Lest anyone argue for greater role for politicians in public health, multiple news organizations have reported how anti-science, counterfactual advocates are congealing in campaigns attacking not only the demonstrably safe, effective coronavirus shots but all vaccines, notably those for youngsters. The evidence-free extremists want to eliminate requirements for shots that long have protected youngsters from any array of damaging and even deadly infections, including measles, mumps, whooping cough, and more.
The political frenzy that has engulfed vaccines, combined with the logistics challenges caused by the pandemic, has led pediatricians to warn that grownups are putting the nation’s young at serious risk by failing to get them immunized against an array of preventable illnesses according to well-known, proven, safe, and effective schedules.
Those who natter about vaccines and spread utter hokum about them simply must be clueless about the unbearable sorrow that can torment even the best of parents when their kids suffer harms, including death, from avoidable illness preventable by vaccines.
It is hard to fathom that the vaccine hesitancy or outright resistance sources to the coronavirus vaccines. Tens of millions of people around the world have received them with relatively little or no harm. Indeed, updated estimates say that a little less than a quarter million of the Americans who have died due to the coronavirus could have been saved, if they had gotten vaccinated, and increasing vaccination and boosters keep saving even more lives.

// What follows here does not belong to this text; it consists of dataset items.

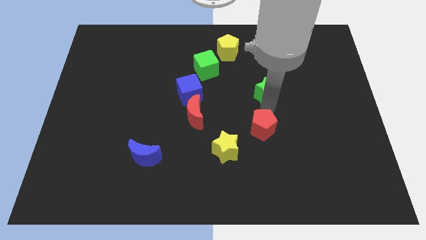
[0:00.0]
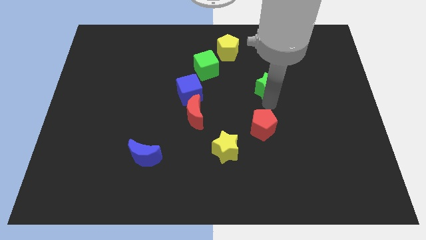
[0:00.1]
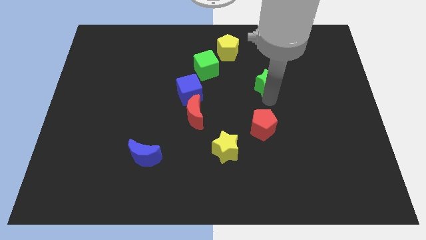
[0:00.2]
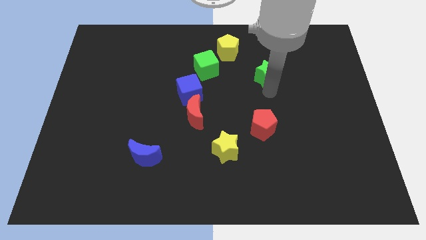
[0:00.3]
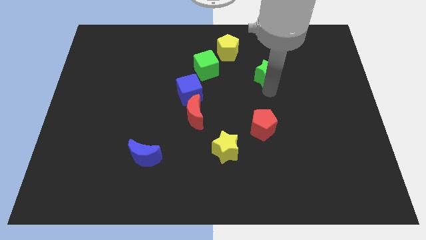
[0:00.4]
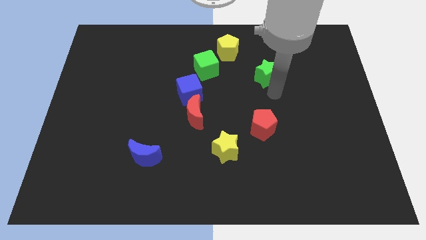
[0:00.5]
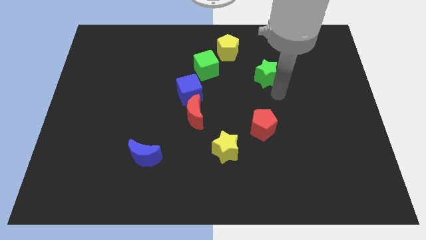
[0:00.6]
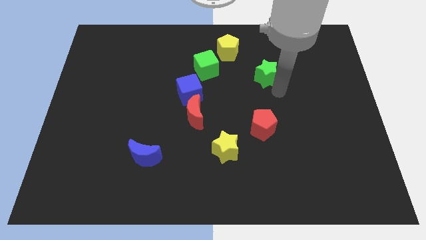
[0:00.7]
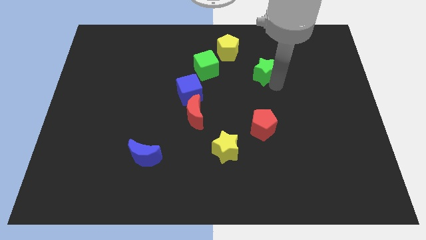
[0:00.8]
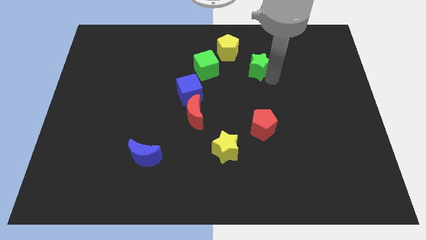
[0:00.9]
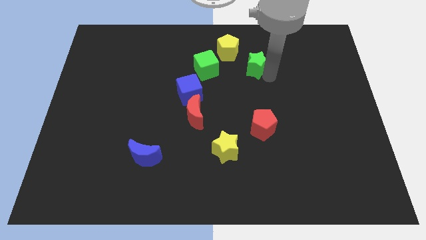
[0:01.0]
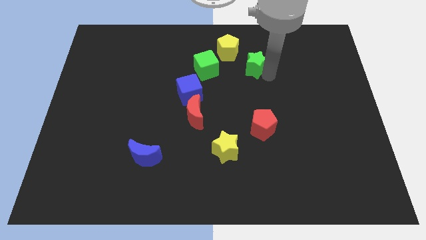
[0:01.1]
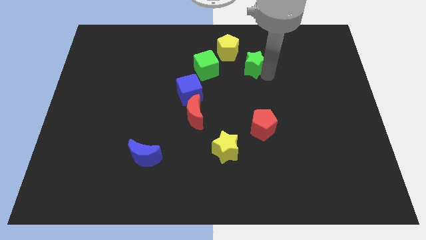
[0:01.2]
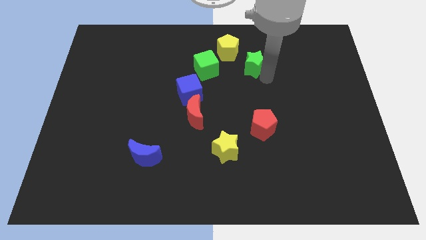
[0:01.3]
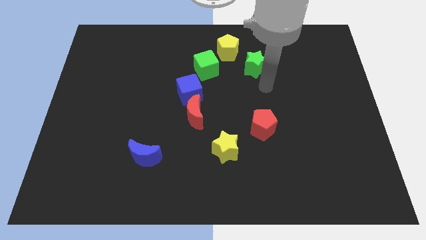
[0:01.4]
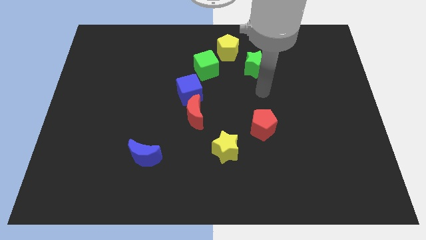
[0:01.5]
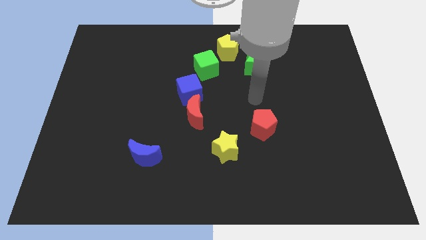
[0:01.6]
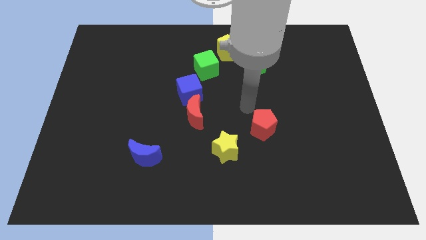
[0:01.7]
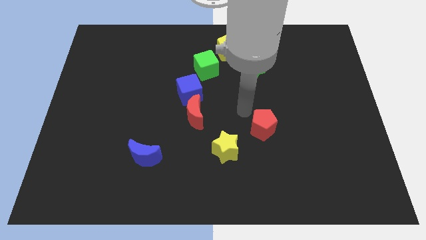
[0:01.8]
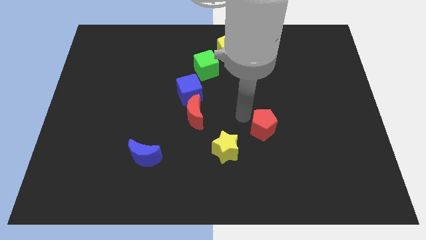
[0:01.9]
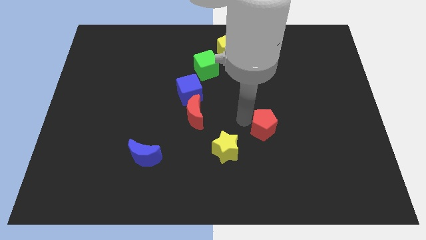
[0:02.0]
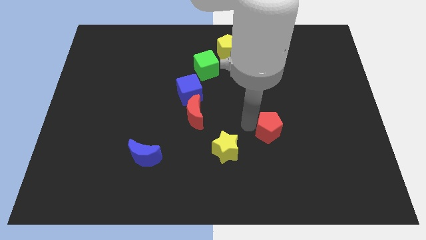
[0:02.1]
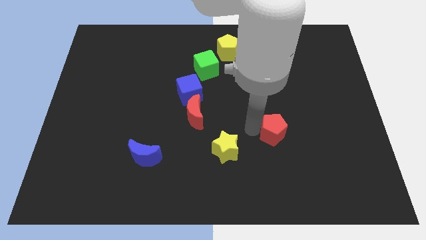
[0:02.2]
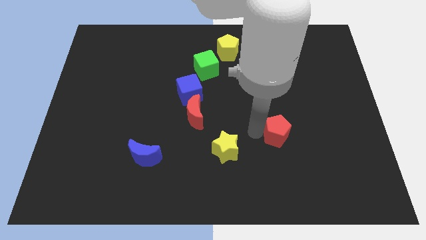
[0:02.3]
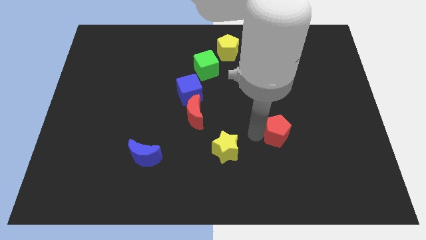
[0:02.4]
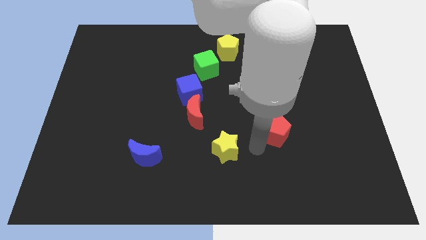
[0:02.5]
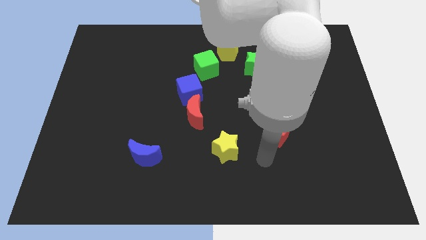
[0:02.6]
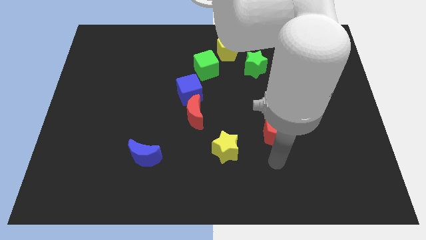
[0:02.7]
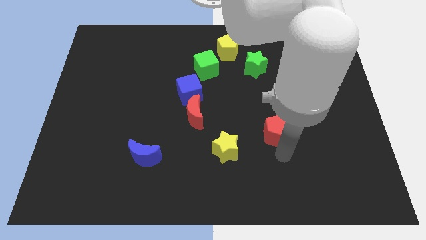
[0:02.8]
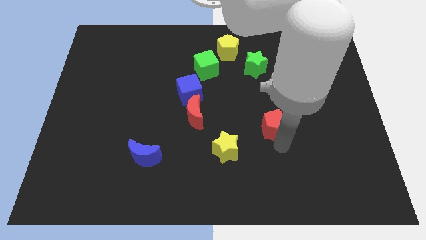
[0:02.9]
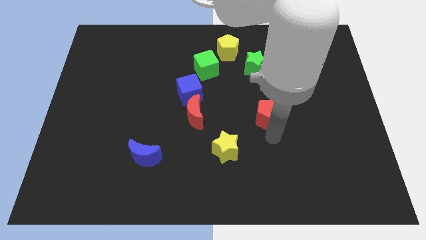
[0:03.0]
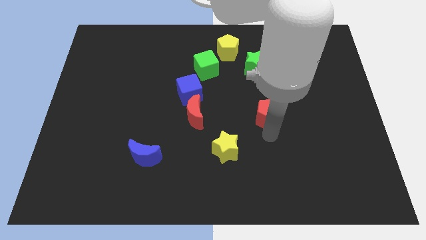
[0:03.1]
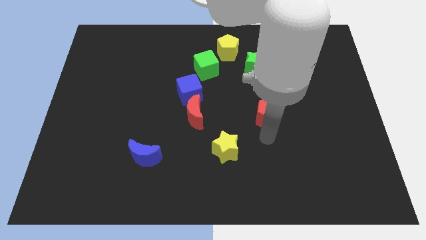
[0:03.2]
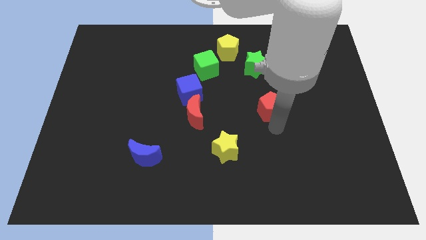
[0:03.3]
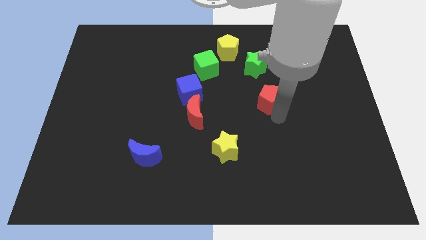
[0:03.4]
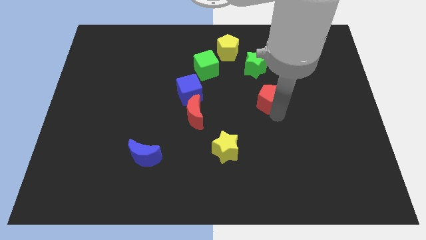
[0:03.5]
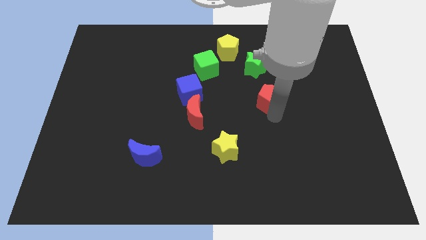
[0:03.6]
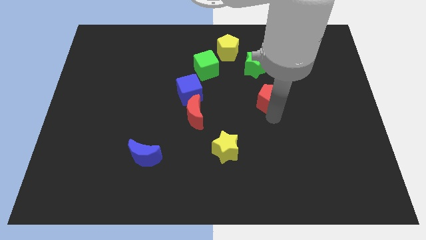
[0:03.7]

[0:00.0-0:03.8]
move the green star and red pentagon diagonal to each other

We are not done with this pandemic, which has many mysteries to be resolved still. We all would be wise to recognize this, including sustaining the money and other resources to battle the disease, including the baffling, distressing long Covid and the traumas in getting it treated.

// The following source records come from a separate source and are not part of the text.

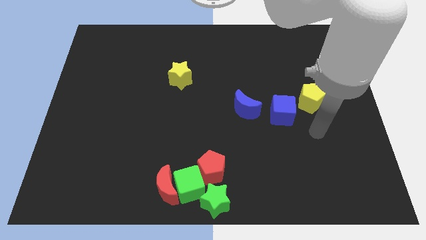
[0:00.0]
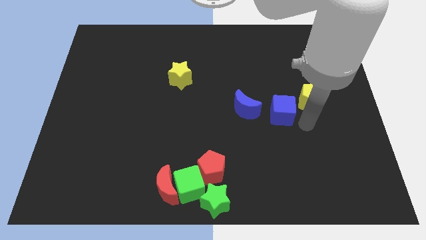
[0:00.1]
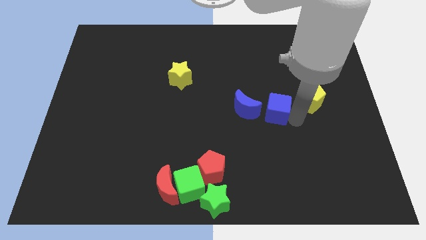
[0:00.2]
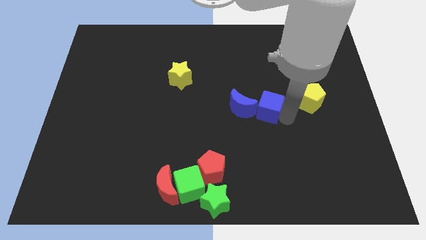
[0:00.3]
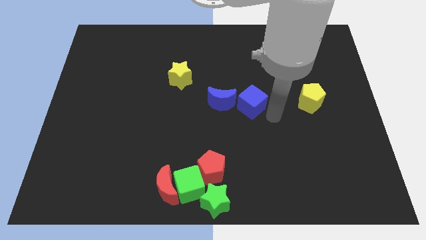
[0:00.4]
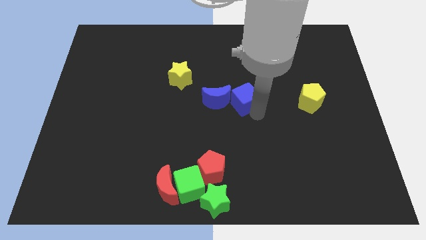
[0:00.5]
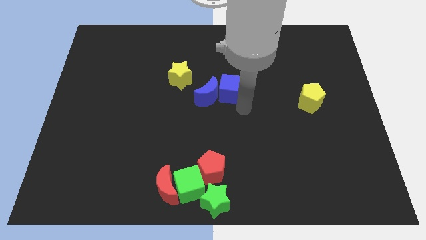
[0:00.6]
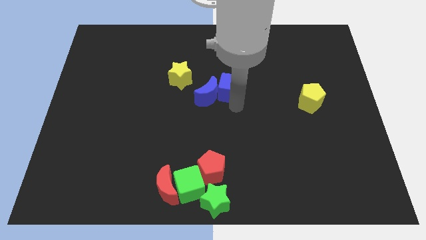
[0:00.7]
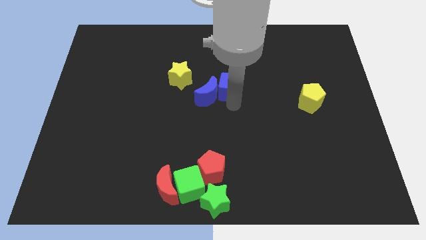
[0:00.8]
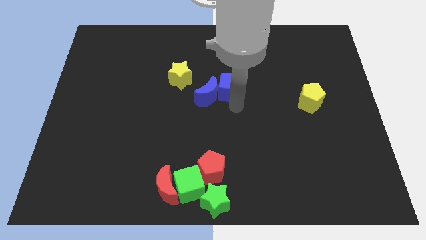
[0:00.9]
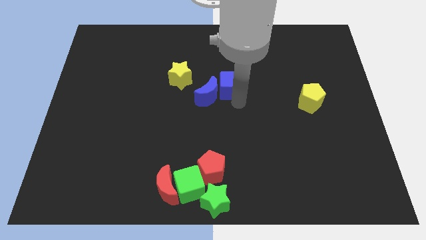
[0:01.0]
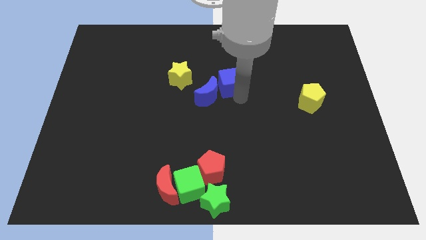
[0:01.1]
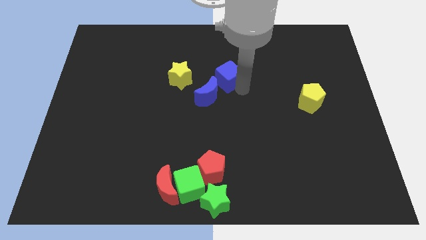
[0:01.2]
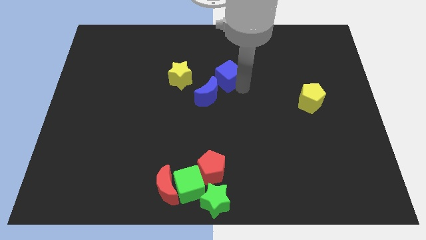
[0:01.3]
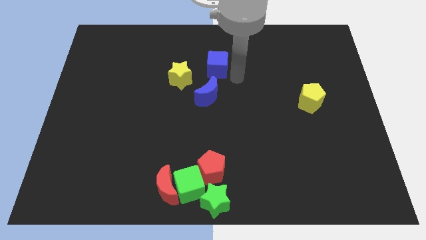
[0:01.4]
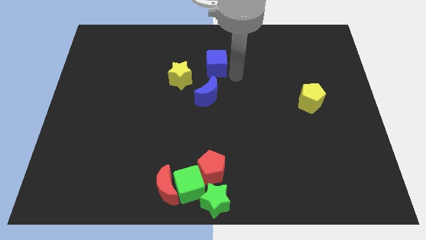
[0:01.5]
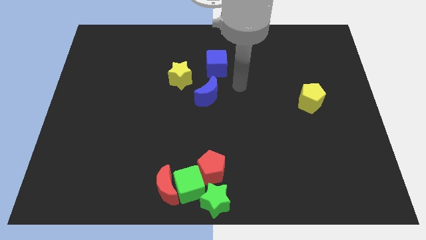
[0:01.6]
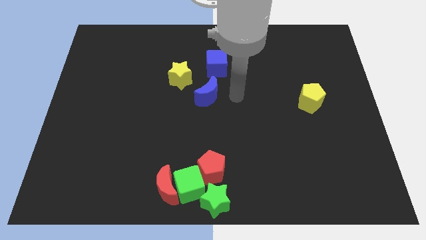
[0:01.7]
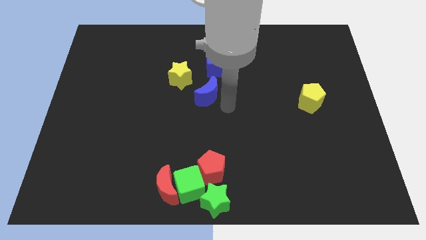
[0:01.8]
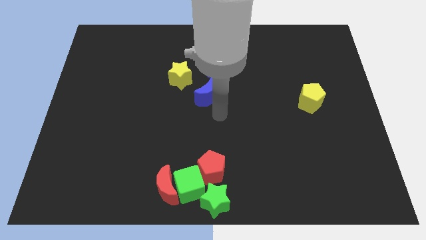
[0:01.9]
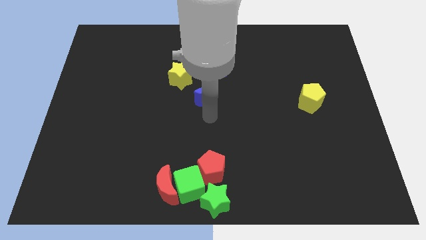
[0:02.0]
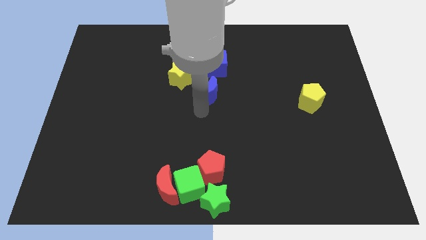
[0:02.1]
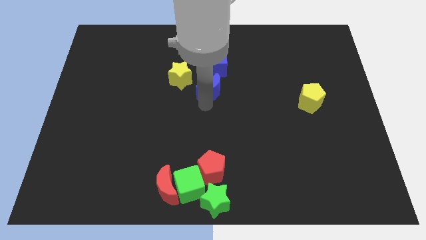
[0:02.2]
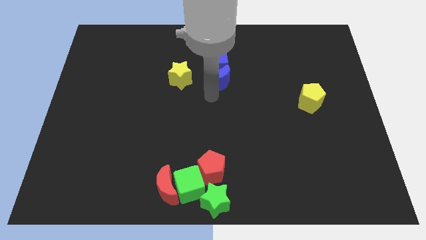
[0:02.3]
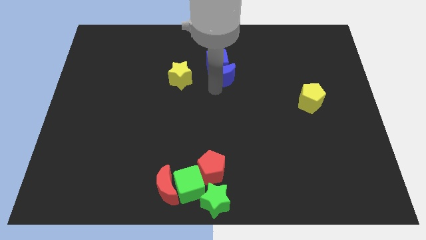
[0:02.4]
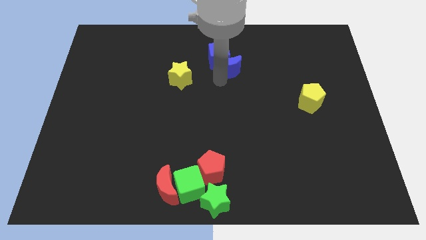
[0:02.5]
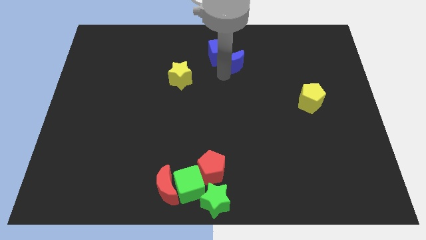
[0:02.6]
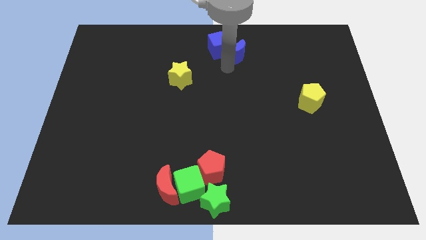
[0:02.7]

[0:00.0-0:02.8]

Doctors, hospitals, pharmacies, and others in the U.S. health system also must improve patient access to prescription medications that have shown good results in reducing the coronavirus’ harm, if taken early. There are simply too many obstacles to getting these helpful drugs out to people who need them.
Regular folks appear to be having varied reactions to health officials easing coronavirus measures. But those with heightened vulnerability to the virus — those who are older, immunocompromised, overweight, and with underlying conditions, or individuals from hard-hit communities of color — still may be staying careful, including by keeping on their masks. And, yes, so-called one-way masking has protective benefits. Face covering, just to remind, may be the requirement still in parts of the country, and who knows what will happen in the days ahead, notably with the appeal of the rejected CDC mask requirement on public transportation.

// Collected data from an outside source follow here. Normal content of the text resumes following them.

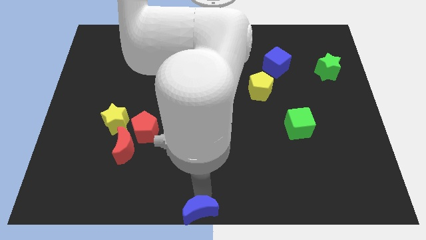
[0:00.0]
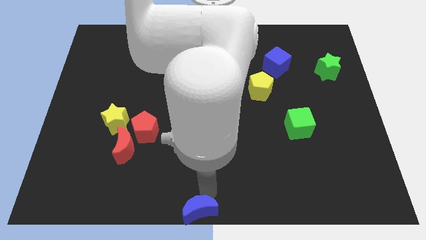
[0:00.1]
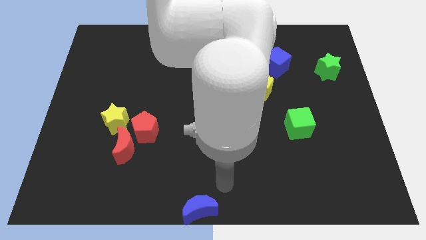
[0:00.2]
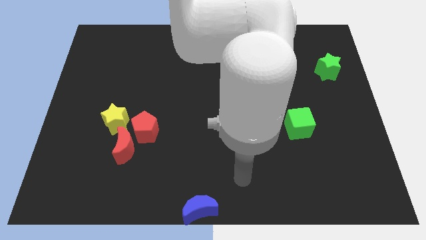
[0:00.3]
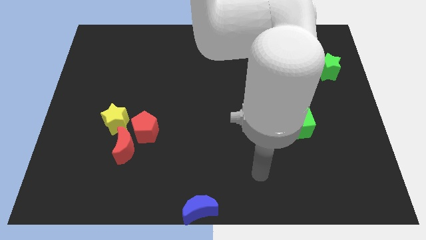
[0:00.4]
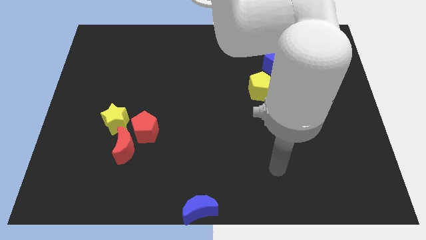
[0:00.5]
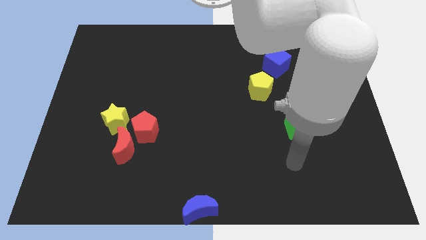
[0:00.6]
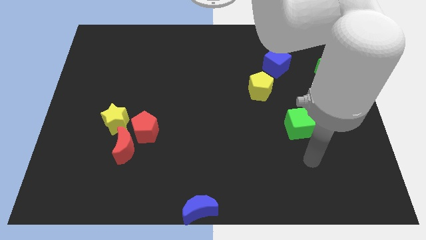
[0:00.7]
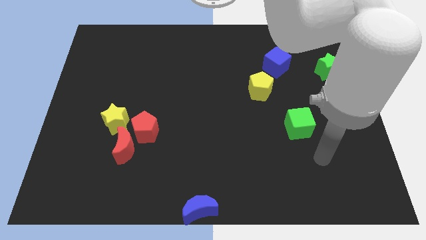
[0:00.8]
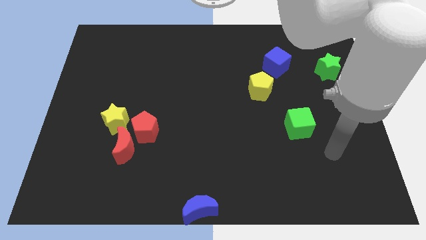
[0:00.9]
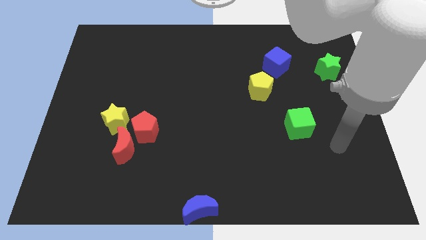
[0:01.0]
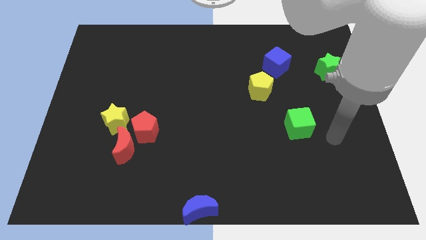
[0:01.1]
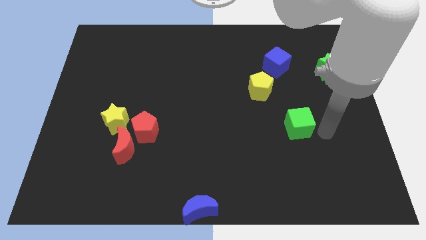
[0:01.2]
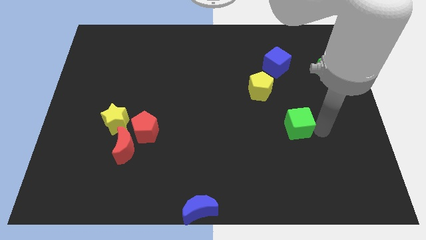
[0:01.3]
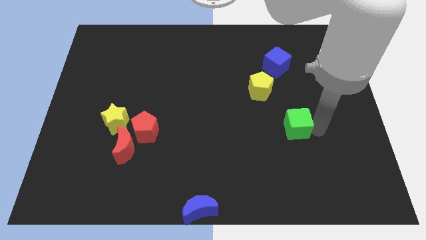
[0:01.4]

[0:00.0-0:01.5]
move your arm away from the blue moon

A word to the wise: Don’t toss out those masks yet. The savvy will want to build up their supply, nabbing test kits, too (free from the federal government, including a second round of them, and delivered to your door). Just in case.
The vaccines remain life changers and life savers. Why aren’t more nursing home staff getting them still, notably with an unusually high number of them having received questionable exemptions? If you have not gotten your shots, please do so, boosters and all, pronto. If you haven’t chatted with your doctor for a bit, you should — especially about whether your individual health would benefit from an additional dose of vaccine and when might be the time to get it. Parents should discuss potential booster shots for their kids with their pediatricians. (Get the young folks caught up on their shots now if you can, too.) If you have been exposed or think you have gotten infected, please get tested — and quarantine or isolate to protect yourself and others.